Got it with the help of Demian Katz, main developper of Vufind:
The import script of Vufind was bypassing the duplication parameters
while writing directly to the SOLR-Index.
By deactivitating direct writing to the index and using the standard way
it now works!
Thanks to all who gave input!
Markus
Markus Fischer schrieb:
I use
<bool name="overwriteDupes">true</bool>
and a different field than ID to control duplication. This is about
bibliographic data coming from different sources with different IDs
which may have the same content...
I attached solrconfig.xml if you want to take a look.
Thanks a lot!
Markus
Markus Jelsma schrieb:
What's your solrconfig? No deduplication is overwritesDedupes = false
and signature field is other than doc ID field (unique)

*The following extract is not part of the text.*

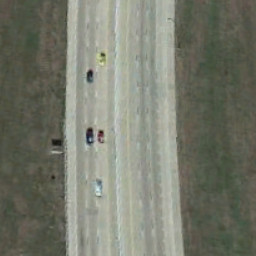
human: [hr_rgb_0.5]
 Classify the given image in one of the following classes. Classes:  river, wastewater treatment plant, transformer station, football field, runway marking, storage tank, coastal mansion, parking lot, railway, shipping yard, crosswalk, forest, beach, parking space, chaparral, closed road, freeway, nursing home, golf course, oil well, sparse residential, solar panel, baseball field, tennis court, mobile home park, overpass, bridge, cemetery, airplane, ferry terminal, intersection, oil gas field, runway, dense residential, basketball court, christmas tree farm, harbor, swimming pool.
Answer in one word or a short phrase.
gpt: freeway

-----Original message-----
From: Markus Fischer <i...@flyingfischer.ch>
Sent: Thu 13-05-2010 17:01
To: solr-user@lucene.apache.org; Subject: Config issue for deduplication
I am trying to configure automatic deduplication for SOLR 1.4 in
Vufind. I followed:
http://wiki.apache.org/solr/Deduplication
Actually nothing happens. All records are being imported without any
deduplication.
What am I missing?
Thanks
Markus
I did:
- create a duplicated set of records, only shifted their ID by a fixed
number
---
solrconfig.xml
<requestHandler name="/update" class="solr.XmlUpdateRequestHandler" >
<lst name="defaults">
<str name="update.processor">dedupe</str>
</lst>
</requestHandler>
<updateRequestProcessorChain name="dedupe">
<processor
class="org.apache.solr.update.processor.SignatureUpdateProcessorFactory">
<bool name="enabled">true</bool>
<bool name="overwriteDupes">true</bool>
<str name="signatureField">dedupeHash</str>
<str name="fields">reference,issn</str>
<str
name="signatureClass">org.apache.solr.update.processor.Lookup3Signature</str>
</processor>
<processor class="solr.LogUpdateProcessorFactory" />
<processor class="solr.RunUpdateProcessorFactory" />
</updateRequestProcessorChain>
---
In schema.xml I added the field
<field name="dedupeHash" type="string" stored="true" indexed="true"
multiValued="false" />
--
If I look at the created field "dedupeHash" it seems to be empty...!?